Cardiac function is regulated by circadian rhythms (Liu et al., 2021; Melendez-Fernandez et al., 2021; Thosar et al., 2018) (Chapter 13). Cardiovascular regulation is associated with sleep–wake patterns (Bastianini et al., 2012; Smolensky et al., 2007) that are linked to underlying circadian rhythms. The circadian regulation of sympathetic and parasympathetic activation modulates heart rate, heart rate variability, blood pressure, vascular tone, and endothelial function (reviewed in Melendez-Fernandez et al., 2021). This temporal organization allows the vascular system to produce the necessary factors and mediators, such as prothrombotic and antithrombotic factors, and nitric oxide, at the appropriate time of the day to support activity during the active phase or support recovery and replenishment during the inactive phase. Dysregulation of these circadian fluctuations in cardiac function has been associated with cardiovascular pathology including myocardial infarction, ventricular tachycardia, and sudden cardiac death, which all peak during the early morning (Khan & Ahmad, 2003; Manfredini et al., 2013; Muller, 1999; Muller et al., 1987).

Cells comprising cardiovascular tissue display robust circadian oscillations including vascular smooth muscle, fibroblasts, cardiomyocytes, and cardiac progenitor-like cells, all of which regulate physiological functions including endothelial function, blood pressure, and heart rate (Paschos & FitzGerald, 2010). Disruption of these rhythms is associated with misalignment of cardiovascular dynamics, including endothelial (Etsuda et al., 1999), prothrombotic (Takeda et al., 2007), and clotting (Dalby et al., 2000) factors, which can provoke a pathological response (Rana et al., 2020).

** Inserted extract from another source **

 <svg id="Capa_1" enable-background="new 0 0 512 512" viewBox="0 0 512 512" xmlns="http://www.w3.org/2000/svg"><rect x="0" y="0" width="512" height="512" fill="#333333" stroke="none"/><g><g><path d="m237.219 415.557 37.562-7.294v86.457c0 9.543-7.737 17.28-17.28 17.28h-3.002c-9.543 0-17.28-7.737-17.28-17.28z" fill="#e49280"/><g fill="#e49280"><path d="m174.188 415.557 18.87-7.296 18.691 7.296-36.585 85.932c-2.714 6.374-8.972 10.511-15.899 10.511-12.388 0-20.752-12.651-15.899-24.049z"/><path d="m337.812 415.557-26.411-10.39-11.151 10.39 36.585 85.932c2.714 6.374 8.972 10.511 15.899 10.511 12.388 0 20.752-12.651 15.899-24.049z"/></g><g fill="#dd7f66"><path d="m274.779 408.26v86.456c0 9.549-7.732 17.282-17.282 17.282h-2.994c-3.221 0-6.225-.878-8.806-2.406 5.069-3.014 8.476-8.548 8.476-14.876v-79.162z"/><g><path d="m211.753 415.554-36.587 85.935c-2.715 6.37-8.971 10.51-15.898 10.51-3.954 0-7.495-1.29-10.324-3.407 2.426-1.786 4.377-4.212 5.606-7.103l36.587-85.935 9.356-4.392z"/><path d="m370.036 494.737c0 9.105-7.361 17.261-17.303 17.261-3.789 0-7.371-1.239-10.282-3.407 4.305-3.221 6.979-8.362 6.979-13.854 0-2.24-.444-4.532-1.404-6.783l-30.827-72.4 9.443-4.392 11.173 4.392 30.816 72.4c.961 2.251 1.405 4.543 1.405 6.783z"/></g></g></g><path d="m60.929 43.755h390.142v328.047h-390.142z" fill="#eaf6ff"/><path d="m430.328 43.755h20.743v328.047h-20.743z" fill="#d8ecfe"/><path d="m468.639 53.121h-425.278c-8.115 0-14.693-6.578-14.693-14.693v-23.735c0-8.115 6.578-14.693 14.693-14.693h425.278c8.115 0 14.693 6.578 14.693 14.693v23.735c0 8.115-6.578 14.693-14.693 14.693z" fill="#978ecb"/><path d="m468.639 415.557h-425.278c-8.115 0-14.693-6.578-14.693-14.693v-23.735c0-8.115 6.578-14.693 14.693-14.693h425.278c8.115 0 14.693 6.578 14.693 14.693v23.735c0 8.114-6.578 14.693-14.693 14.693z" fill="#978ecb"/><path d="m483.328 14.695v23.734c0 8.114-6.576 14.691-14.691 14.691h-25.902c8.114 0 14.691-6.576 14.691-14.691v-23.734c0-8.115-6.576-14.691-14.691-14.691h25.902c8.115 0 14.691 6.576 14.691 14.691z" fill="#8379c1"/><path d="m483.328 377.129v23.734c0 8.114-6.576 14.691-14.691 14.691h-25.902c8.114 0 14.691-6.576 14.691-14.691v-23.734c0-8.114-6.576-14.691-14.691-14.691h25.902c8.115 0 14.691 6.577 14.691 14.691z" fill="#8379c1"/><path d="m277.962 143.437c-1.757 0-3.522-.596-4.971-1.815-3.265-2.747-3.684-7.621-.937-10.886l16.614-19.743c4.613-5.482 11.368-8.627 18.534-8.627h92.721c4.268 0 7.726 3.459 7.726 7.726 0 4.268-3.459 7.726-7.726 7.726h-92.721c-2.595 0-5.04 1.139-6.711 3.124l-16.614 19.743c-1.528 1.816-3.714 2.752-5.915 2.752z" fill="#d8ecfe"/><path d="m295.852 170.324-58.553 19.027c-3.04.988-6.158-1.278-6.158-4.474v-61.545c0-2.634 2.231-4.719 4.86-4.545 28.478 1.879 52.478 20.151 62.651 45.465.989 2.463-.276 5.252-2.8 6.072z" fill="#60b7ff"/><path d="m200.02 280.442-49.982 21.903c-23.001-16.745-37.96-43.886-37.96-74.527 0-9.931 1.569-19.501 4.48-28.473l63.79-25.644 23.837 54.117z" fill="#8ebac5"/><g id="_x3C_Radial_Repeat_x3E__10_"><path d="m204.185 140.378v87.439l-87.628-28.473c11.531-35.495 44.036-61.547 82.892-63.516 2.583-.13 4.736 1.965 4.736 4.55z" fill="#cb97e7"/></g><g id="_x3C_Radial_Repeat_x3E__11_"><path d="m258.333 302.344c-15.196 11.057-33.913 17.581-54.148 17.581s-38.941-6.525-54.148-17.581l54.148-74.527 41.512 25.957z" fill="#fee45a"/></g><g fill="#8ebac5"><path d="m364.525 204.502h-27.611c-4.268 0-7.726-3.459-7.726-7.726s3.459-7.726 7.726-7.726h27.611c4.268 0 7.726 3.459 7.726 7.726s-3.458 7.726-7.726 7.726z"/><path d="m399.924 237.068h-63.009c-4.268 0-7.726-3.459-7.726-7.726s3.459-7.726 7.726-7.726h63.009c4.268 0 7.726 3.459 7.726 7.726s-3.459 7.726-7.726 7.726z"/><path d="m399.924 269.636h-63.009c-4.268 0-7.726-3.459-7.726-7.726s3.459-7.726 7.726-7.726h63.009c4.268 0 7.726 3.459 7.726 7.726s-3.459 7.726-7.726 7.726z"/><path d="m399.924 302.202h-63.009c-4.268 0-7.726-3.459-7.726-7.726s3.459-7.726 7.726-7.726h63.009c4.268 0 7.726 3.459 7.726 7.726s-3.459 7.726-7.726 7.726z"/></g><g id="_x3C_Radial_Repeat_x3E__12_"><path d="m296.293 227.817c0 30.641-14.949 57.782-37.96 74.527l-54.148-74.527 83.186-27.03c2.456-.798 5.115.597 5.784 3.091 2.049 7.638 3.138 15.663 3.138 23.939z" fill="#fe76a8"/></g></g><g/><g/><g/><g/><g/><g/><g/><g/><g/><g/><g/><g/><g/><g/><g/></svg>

Taken together, the available data indicate circadian regulation of the cardiovascular system. Indeed, peripheral clocks and clock genes are expressed in these tissues (Davidson et al., 2005; Storch et al., 2002). Rhythms in vascular function are also observed at the molecular level. RNA sequencing data indicate that 6 percent and 4 percent of protein-coding genes in the heart and aorta, respectively, are transcribed in a circadian fashion (Zhang et al., 2014). At the cellular level, the core clock genes, including Bmal1, Clock, Per, Cry, and Rev-Erb, serve an important role in maintaining physiological homeostasis of the cardiovascular system. For example, mice with Per2 mutations display reduced nitric oxide production and decreased vasodilatory prostaglandins and elevated vasoconstrictors (Curtis et al., 2007). Cry1/2 deletion leads to salt-sensitive hypertension and increased baroreflex sensitivity in mice (Stow et al., 2012). Given the importance of circadian organization for typical cardiovascular function, the potential of disrupted circadian rhythms for cardiovascular health is dramatic (see Chapter 13).

1.6 Circadian Regulation of Metabolism

Energy acquisition, storage, and utilization are critical for life. Metabolism regulates chemical changes in a cell or organism in order to generate energy or materials needed to grow, reproduce, and function appropriately. The circadian system helps optimize metabolic processes based on distinct metabolic requirements throughout the day to maintain homeostasis. Circadian rhythms in metabolism persist at multiple levels from the function of cellular mitochondria, to hormonal release, to behavioral rhythms in food intake.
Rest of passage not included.